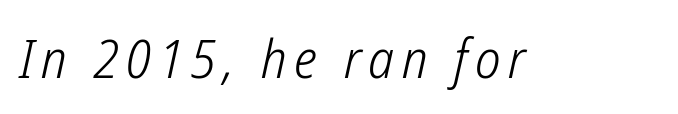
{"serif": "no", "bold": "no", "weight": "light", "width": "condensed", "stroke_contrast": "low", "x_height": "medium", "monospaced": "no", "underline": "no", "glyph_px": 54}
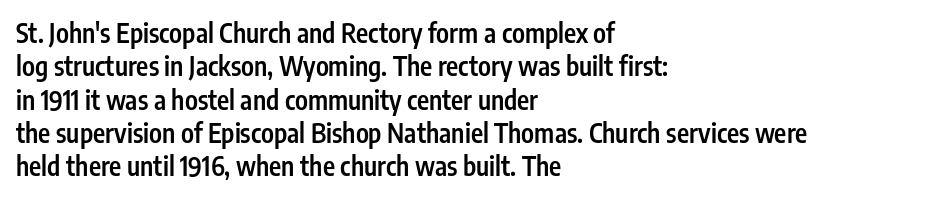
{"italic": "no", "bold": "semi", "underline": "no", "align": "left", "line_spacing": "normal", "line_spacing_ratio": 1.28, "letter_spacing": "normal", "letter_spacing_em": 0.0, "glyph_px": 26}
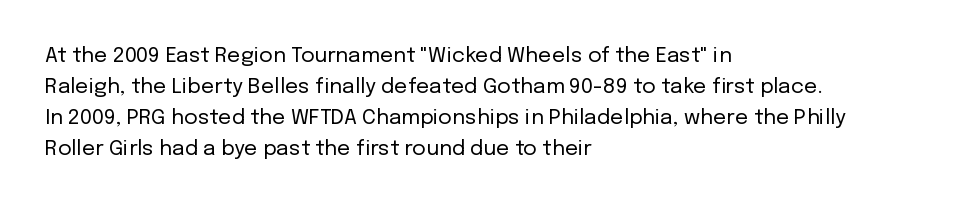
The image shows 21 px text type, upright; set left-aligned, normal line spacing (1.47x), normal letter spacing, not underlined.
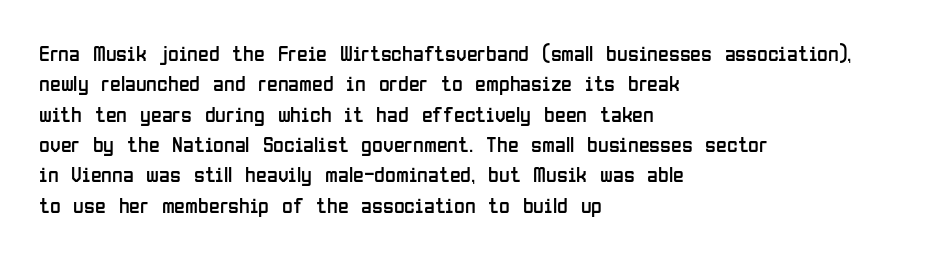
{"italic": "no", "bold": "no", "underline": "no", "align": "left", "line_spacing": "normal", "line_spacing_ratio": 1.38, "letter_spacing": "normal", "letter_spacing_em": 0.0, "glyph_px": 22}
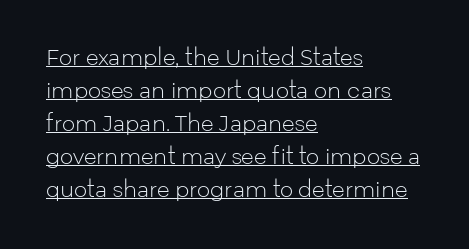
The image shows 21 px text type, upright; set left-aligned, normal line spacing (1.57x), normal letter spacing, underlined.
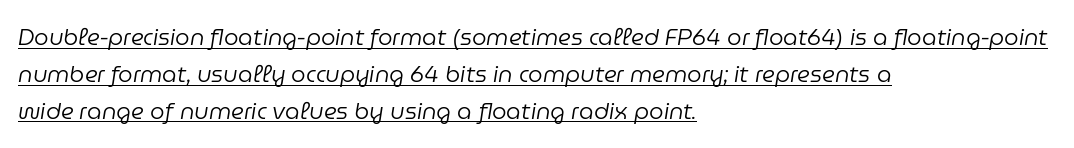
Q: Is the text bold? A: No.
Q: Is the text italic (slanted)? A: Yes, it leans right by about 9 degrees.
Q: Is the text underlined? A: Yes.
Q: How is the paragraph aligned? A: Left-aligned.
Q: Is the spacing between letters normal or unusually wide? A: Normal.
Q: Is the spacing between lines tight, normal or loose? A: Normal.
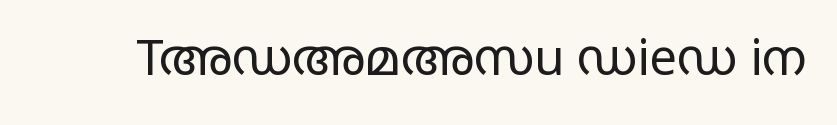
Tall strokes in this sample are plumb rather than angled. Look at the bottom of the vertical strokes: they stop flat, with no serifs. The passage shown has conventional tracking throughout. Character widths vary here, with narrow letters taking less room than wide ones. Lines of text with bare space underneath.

• _Task directions_
Nothing outside the stretch above, from the line with "letter spacing, underlined." through the line with "Q: Is the spacing between lines", is set down. Transcribe that stretch exactly, ends included, but not its pictures.

• _Your response_
The image shows 21 px text type, upright; set left-aligned, normal line spacing (1.57x), normal letter spacing, underlined.
Q: Is the text bold? A: No.
Q: Is the text italic (slanted)? A: Yes, it leans right by about 9 degrees.
Q: Is the text underlined? A: Yes.
Q: How is the paragraph aligned? A: Left-aligned.
Q: Is the spacing between letters normal or unusually wide? A: Normal.
Q: Is the spacing between lines tight, normal or loose? A: Normal.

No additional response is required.